A faithful copy is required of the lines from the top of the entries through the line that contains "10.836H33.024V7.827C33.024 7.56 32.918", both included, with no pictures.
_ _ _ _ _ _ _
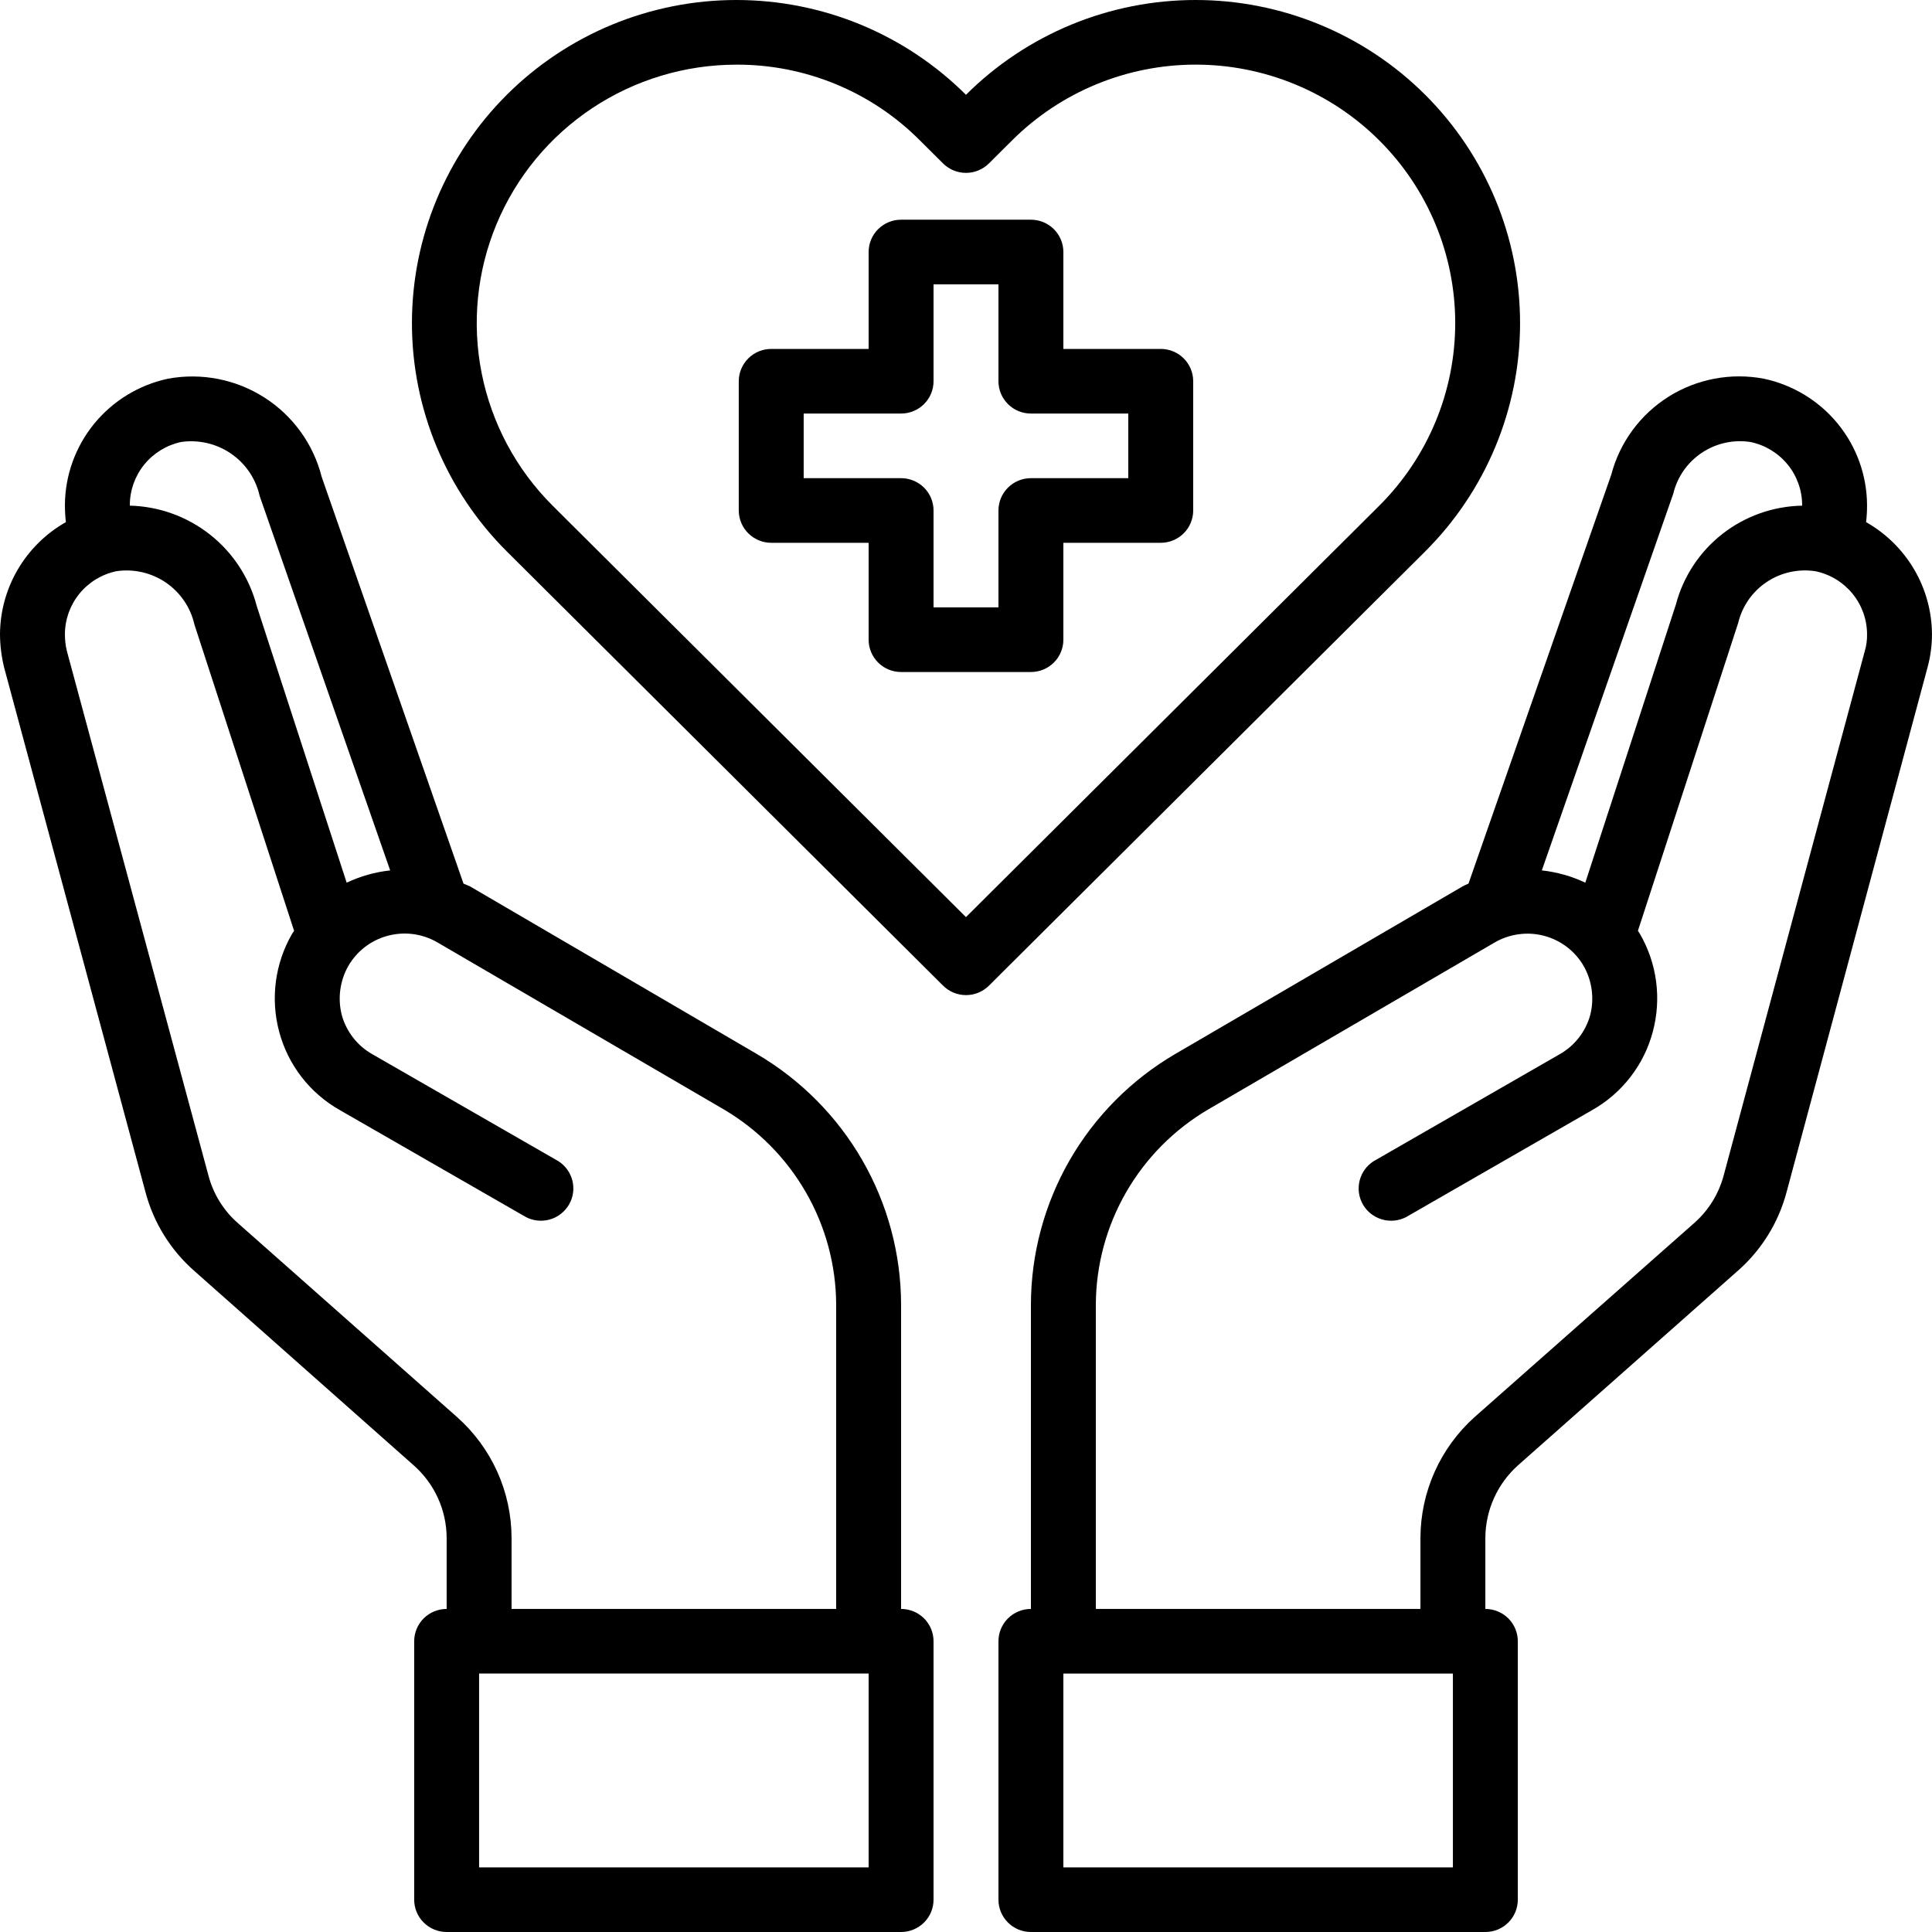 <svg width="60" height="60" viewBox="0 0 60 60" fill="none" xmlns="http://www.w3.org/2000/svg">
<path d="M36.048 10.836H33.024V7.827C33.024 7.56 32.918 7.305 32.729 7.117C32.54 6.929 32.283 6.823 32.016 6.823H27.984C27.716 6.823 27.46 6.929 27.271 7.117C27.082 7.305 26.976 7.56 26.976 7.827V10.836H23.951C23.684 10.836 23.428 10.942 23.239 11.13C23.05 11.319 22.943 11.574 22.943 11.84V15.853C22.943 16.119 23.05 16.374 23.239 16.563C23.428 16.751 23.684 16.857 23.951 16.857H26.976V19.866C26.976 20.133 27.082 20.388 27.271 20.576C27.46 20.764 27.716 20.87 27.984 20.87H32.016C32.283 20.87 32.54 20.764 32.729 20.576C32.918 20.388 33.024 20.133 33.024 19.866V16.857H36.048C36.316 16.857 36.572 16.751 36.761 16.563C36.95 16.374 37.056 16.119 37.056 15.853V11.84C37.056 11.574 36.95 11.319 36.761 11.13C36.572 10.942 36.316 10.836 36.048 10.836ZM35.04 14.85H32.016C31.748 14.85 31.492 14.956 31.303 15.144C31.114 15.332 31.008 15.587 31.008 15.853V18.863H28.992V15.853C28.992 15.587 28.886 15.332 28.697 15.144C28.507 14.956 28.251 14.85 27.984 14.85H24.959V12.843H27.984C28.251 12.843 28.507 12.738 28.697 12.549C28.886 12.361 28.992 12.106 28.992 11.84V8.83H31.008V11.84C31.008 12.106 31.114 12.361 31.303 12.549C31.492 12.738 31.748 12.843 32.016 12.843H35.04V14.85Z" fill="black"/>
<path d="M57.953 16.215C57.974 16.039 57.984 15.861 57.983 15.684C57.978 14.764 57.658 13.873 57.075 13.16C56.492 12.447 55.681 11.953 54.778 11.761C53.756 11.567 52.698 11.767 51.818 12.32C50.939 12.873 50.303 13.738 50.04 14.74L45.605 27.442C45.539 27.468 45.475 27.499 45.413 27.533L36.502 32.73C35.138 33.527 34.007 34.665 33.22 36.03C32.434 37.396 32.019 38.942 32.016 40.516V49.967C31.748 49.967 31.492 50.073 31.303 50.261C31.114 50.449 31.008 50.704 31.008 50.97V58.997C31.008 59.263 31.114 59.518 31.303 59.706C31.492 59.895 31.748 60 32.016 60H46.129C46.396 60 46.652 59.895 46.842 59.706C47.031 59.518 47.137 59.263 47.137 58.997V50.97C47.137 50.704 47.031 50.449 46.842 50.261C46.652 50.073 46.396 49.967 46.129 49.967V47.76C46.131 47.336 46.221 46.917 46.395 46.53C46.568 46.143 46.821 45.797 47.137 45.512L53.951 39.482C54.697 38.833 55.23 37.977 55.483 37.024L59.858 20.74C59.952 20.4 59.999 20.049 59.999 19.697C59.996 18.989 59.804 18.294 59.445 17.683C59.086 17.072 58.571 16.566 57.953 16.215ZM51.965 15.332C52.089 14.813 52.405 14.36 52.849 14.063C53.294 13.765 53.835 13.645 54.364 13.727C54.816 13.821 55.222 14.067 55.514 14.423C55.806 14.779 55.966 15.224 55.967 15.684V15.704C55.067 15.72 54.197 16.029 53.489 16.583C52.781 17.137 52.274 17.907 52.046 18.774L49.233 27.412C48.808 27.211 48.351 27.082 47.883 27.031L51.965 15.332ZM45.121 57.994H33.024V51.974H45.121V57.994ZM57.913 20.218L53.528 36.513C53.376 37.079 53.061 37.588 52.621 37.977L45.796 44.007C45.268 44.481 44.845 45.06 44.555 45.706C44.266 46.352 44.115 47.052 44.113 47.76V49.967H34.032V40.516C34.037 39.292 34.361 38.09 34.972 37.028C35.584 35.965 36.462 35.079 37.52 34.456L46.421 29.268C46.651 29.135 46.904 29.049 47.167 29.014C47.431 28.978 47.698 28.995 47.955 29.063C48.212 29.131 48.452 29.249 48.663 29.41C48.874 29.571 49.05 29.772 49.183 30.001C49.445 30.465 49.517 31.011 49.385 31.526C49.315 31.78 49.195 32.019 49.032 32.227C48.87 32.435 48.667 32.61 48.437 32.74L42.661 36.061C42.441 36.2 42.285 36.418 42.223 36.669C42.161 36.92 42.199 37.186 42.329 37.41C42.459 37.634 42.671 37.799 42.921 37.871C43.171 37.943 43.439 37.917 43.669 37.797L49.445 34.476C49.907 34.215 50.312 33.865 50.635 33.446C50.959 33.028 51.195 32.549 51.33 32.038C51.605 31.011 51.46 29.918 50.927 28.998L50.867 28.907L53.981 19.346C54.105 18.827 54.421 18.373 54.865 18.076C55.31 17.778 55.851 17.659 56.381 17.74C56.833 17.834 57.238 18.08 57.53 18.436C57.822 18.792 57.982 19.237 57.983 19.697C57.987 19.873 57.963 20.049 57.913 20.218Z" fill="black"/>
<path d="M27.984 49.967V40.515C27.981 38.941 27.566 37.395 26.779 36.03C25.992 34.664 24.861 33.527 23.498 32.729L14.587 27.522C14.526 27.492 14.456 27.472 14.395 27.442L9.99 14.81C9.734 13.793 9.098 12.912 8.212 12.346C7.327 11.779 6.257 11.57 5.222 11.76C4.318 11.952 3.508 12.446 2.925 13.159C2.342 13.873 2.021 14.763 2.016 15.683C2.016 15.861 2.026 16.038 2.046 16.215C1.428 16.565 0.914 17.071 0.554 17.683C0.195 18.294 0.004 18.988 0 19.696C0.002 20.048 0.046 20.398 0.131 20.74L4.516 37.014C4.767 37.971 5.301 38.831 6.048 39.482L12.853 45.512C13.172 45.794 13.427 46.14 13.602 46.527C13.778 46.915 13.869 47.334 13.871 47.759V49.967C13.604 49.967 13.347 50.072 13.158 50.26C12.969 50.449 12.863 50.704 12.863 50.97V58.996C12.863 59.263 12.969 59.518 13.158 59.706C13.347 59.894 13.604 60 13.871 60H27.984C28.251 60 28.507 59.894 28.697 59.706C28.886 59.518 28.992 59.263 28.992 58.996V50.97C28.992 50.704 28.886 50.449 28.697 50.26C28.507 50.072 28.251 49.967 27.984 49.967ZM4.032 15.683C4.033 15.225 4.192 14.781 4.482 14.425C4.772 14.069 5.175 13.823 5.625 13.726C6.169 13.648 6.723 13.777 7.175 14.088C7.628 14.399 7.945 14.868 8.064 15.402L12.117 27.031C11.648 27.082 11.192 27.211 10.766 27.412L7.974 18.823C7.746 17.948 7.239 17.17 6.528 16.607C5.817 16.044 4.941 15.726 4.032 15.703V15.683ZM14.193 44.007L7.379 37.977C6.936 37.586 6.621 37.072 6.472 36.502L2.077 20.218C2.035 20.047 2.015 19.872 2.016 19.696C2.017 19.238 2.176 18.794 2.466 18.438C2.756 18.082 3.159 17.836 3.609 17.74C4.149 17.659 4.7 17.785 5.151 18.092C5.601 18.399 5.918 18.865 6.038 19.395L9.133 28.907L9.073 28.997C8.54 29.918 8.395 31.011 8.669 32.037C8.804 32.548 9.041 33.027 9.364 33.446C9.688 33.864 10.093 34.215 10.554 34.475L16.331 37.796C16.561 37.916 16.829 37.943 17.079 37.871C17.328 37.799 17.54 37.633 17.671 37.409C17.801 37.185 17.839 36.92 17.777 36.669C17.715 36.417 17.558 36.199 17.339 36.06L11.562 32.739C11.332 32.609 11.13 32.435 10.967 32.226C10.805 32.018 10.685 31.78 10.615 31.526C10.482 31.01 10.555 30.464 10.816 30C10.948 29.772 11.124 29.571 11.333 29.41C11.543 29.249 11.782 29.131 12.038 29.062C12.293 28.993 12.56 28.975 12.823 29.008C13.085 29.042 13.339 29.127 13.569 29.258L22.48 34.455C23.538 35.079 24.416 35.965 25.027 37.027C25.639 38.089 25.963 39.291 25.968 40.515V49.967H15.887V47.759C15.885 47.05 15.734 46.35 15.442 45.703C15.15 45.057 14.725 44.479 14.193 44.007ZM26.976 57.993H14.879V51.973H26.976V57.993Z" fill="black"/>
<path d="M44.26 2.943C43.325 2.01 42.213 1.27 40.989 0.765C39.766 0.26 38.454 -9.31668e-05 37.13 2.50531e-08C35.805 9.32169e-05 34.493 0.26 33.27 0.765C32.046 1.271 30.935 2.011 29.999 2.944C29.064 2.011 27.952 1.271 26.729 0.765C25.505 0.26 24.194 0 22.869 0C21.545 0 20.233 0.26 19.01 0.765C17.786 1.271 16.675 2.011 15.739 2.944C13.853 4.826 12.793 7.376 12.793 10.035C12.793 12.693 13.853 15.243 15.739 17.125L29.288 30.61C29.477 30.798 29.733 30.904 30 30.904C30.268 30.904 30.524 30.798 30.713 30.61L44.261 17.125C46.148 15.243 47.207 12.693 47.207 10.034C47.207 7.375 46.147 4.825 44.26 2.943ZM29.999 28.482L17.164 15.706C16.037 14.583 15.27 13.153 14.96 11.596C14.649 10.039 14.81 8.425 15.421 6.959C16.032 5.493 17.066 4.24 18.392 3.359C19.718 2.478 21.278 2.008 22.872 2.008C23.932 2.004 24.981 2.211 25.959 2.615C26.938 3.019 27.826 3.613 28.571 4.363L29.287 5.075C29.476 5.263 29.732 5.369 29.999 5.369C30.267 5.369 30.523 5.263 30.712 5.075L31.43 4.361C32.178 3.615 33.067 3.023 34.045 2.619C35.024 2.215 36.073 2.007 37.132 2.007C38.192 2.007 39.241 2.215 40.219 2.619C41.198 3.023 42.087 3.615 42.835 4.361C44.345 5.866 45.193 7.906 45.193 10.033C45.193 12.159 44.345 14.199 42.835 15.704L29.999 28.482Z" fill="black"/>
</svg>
_ _ _ _ _ _ _
Answer to this problem:
 <svg width="60" height="60" viewBox="0 0 60 60" fill="none" xmlns="http://www.w3.org/2000/svg">
<path d="M36.048 10.836H33.024V7.827C33.024 7.56 32.918 7.305 32.729 7.117C32.54 6.929 32.283 6.823 32.016 6.823H27.984C27.716 6.823 27.46 6.929 27.271 7.117C27.082 7.305 26.976 7.56 26.976 7.827V10.836H23.951C23.684 10.836 23.428 10.942 23.239 11.13C23.05 11.319 22.943 11.574 22.943 11.84V15.853C22.943 16.119 23.05 16.374 23.239 16.563C23.428 16.751 23.684 16.857 23.951 16.857H26.976V19.866C26.976 20.133 27.082 20.388 27.271 20.576C27.46 20.764 27.716 20.87 27.984 20.87H32.016C32.283 20.87 32.54 20.764 32.729 20.576C32.918 20.388 33.024 20.133 33.024 19.866V16.857H36.048C36.316 16.857 36.572 16.751 36.761 16.563C36.95 16.374 37.056 16.119 37.056 15.853V11.84C37.056 11.574 36.95 11.319 36.761 11.13C36.572 10.942 36.316 10.836 36.048 10.836ZM35.04 14.85H32.016C31.748 14.85 31.492 14.956 31.303 15.144C31.114 15.332 31.008 15.587 31.008 15.853V18.863H28.992V15.853C28.992 15.587 28.886 15.332 28.697 15.144C28.507 14.956 28.251 14.85 27.984 14.85H24.959V12.843H27.984C28.251 12.843 28.507 12.738 28.697 12.549C28.886 12.361 28.992 12.106 28.992 11.84V8.83H31.008V11.84C31.008 12.106 31.114 12.361 31.303 12.549C31.492 12.738 31.748 12.843 32.016 12.843H35.04V14.85Z" fill="black"/>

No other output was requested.